Here's why Wall Street hasn't innovated anything since the ATM

Sallie krawcheck ellevestNoam Galai / Stringer / Getty ImagesSallie Krawcheck launches her digital investing platform, Ellevest, at TechCrunch Disrupt NY 2016.

Wall Street has a serious innovation problem. Row upon row of constantly glowing Bloomberg terminals aside, it’s become an industry synonymous with creaking technology and a general stuffiness.

On an episode of Hard Pass, a podcast I do with my BI colleague Josh Barro, Sallie Krawcheck explained why. She’s the CEO of Ellevest, an investing platform for women, and the former CFO of Citigroup, to name just one job she’s had on Wall Street.

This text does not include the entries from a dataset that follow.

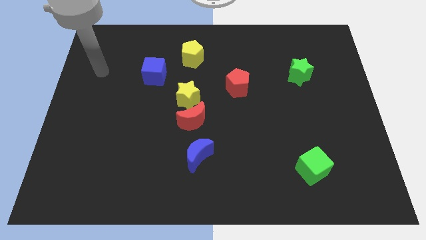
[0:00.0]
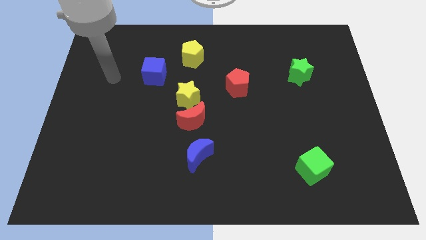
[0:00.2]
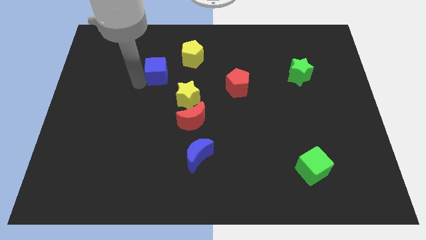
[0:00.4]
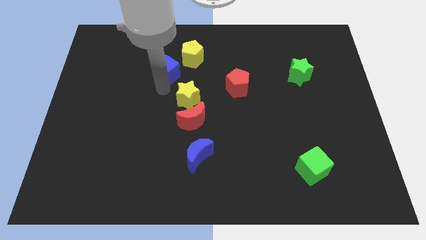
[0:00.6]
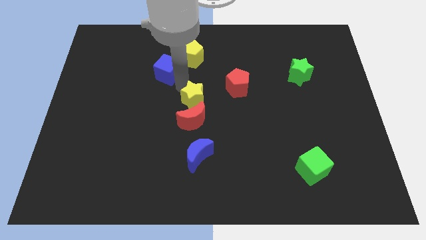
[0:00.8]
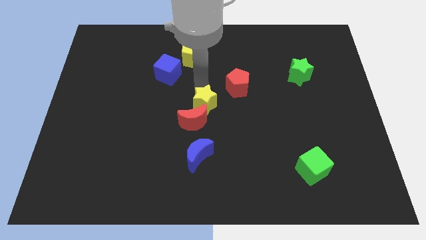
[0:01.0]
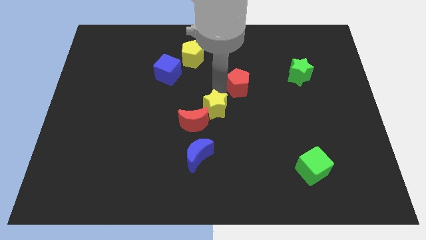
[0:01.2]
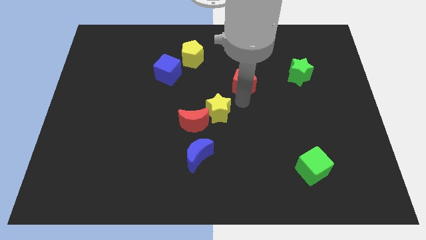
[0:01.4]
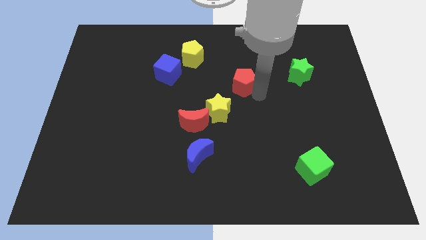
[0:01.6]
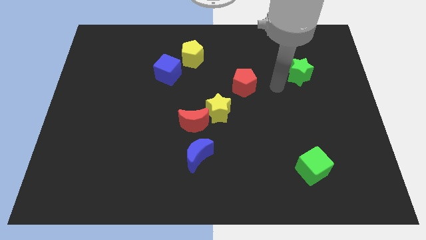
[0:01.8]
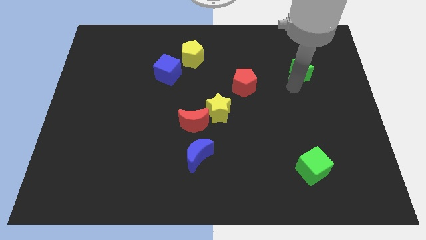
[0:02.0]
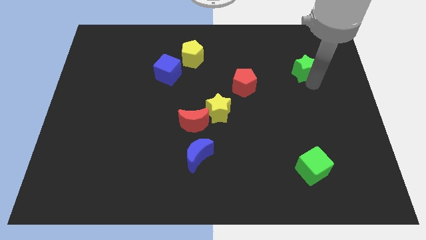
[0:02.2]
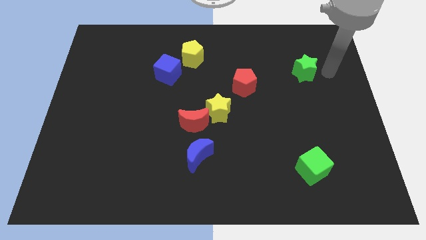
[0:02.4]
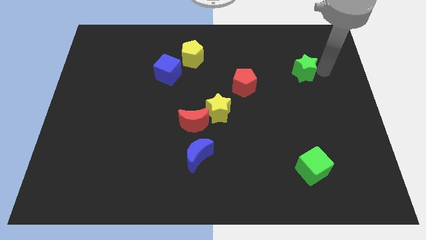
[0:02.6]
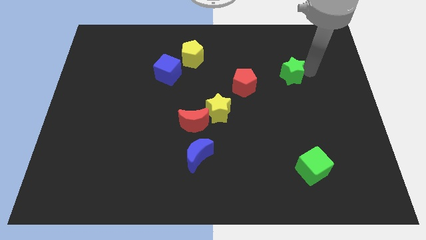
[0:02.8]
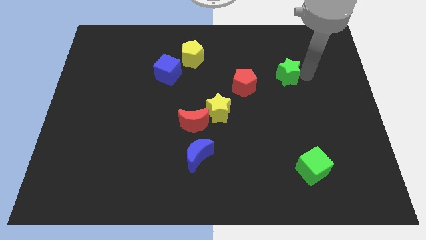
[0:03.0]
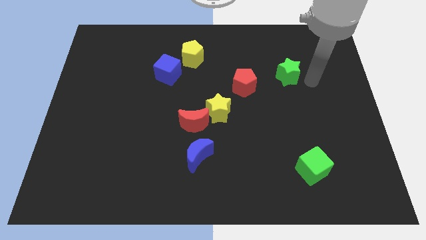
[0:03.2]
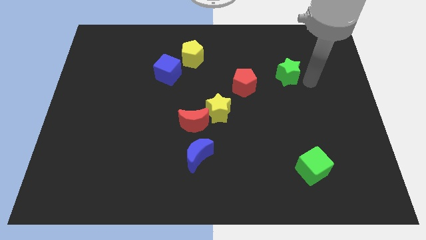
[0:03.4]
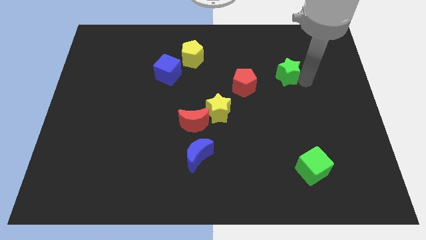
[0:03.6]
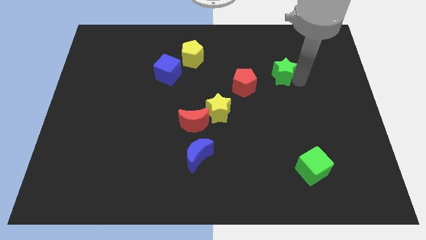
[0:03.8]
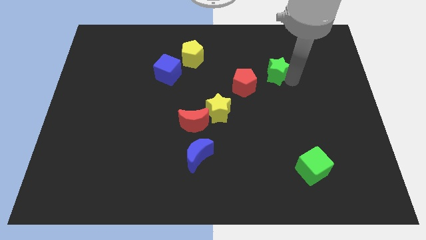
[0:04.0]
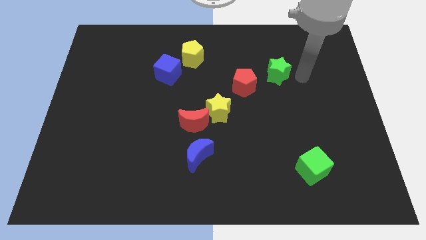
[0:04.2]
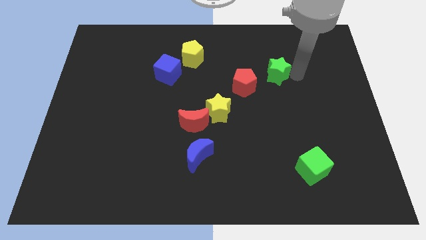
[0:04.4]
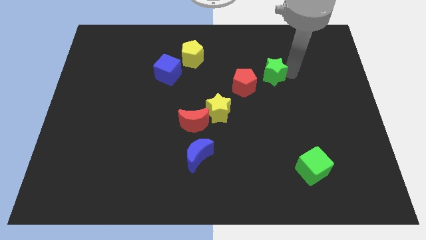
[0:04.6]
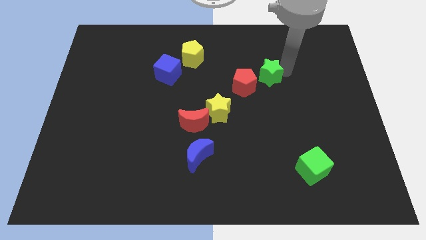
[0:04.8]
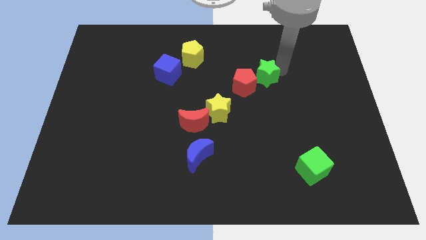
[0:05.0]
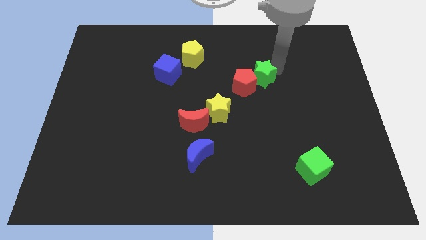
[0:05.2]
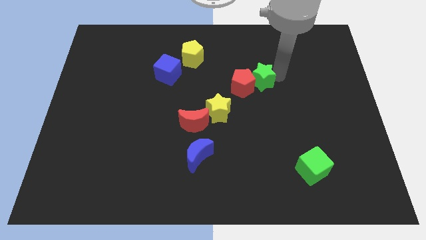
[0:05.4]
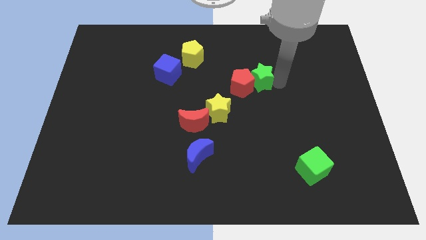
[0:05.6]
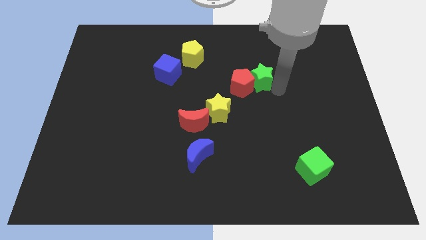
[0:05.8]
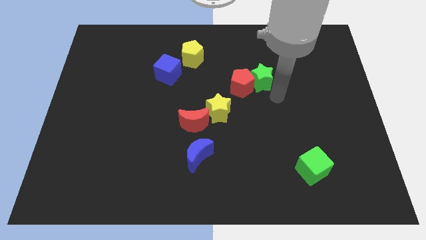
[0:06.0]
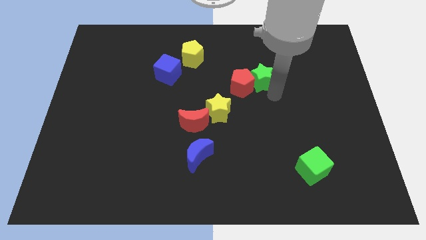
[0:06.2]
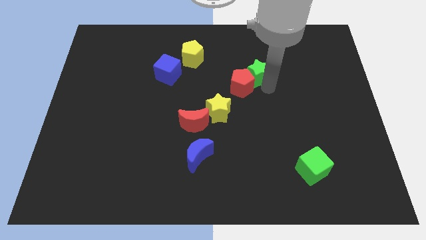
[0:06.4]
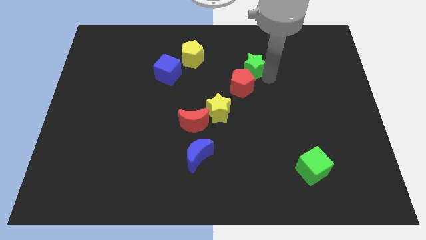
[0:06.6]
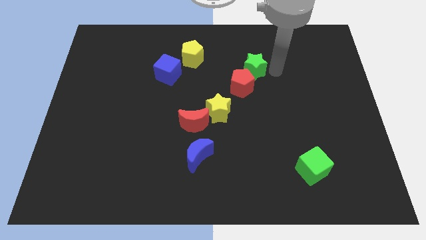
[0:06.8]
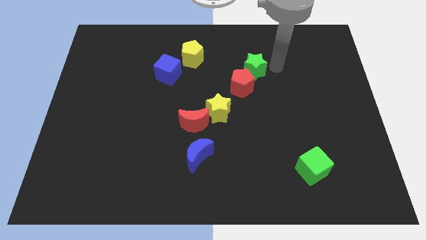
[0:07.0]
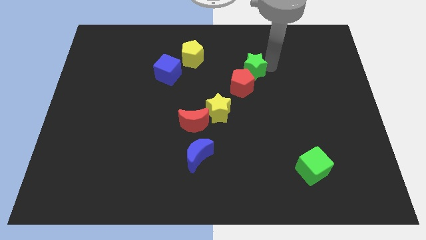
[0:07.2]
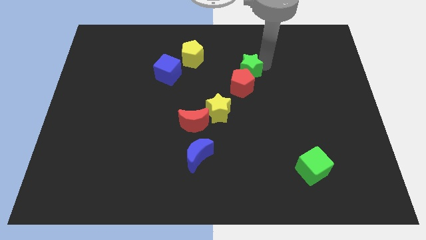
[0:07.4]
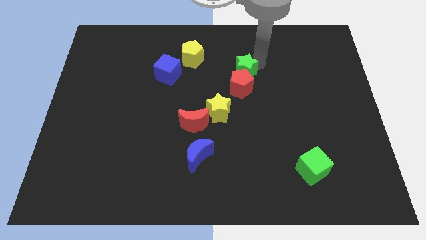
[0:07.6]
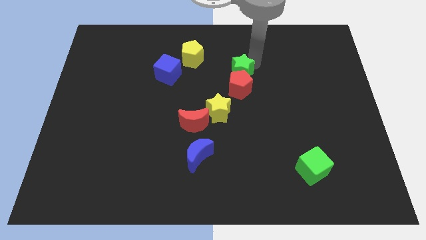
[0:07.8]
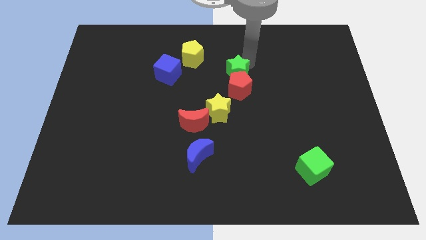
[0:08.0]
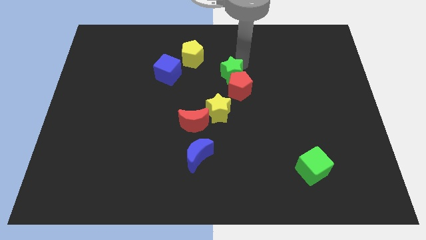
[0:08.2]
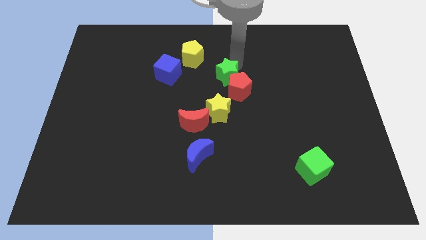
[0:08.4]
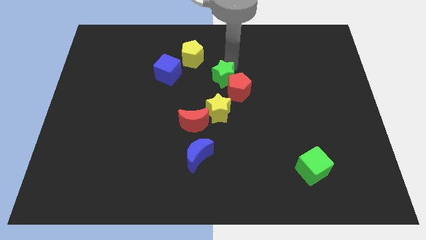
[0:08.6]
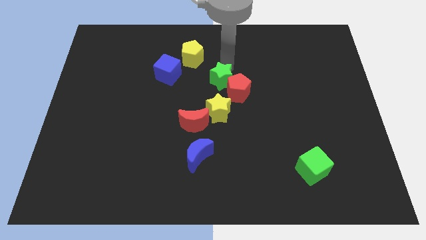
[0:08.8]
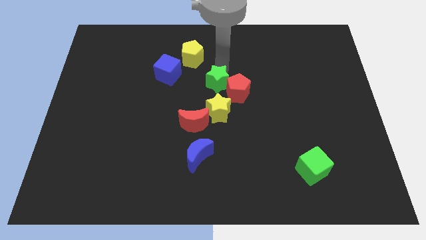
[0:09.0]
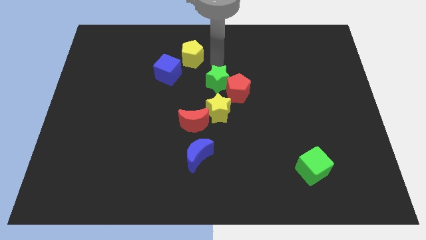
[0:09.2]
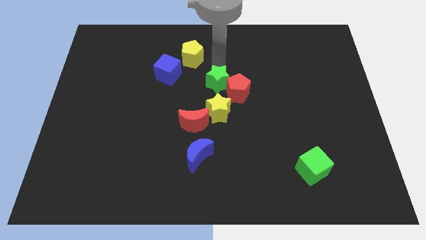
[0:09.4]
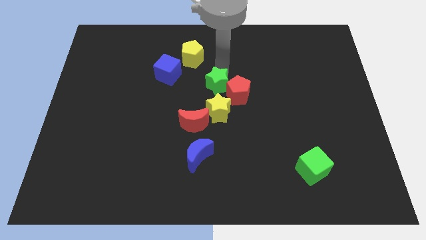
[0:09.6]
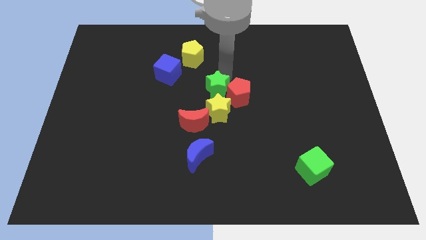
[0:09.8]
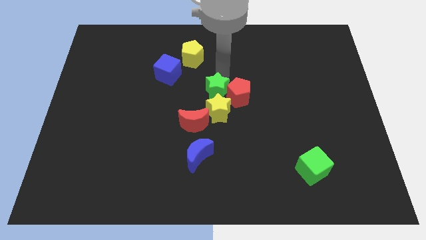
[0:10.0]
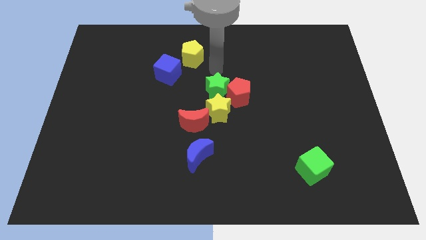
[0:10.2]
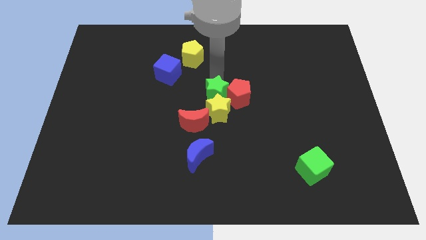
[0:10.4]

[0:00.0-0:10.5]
push the green star to the yellow star

“Now I would argue to you… the last real innovation that came out of a big bank was the ATM,” Krawcheck said.

Forget collateralized debt this or structured security that. The boring, everyday innovations in banking that normal people use — like depositing a check by taking a picture on your phone, for example — have come from outside the industry.

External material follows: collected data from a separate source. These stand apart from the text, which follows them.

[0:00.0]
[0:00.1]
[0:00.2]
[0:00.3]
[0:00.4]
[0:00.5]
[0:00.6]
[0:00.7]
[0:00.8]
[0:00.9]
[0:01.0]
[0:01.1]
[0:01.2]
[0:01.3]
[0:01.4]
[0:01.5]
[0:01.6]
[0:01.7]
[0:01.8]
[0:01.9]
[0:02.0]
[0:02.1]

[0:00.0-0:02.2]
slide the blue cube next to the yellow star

“I remember that after Citi had gotten through its latest round of regulatory issues, I remember the CEO at the time saying ‘now it’s time to innovate.’ Cool… how do you do that? Just because you say it… doesn’t mean it’s easy.”

To solve this problem, banks have increasingly started partnering with startups. Suresh Kumar, CIO at BNY Mellon told Business Insider that those partnerships would be “the most impactful force on our industry over the next decade.”

Krawcheck called it “essentially… outsourcing innovation.” Bank money gives lifeblood to start ups, and in exchange, banks get a seat at the tech table. 

Working with startups also is helping to change Wall Street’s culture. The “disruptive” ethos of Silicon Valley is about making complex things simple. For finance, that means simplifying processes like buying a mortgage and making banking more inclusive and approachable (not really a Wall Street thing).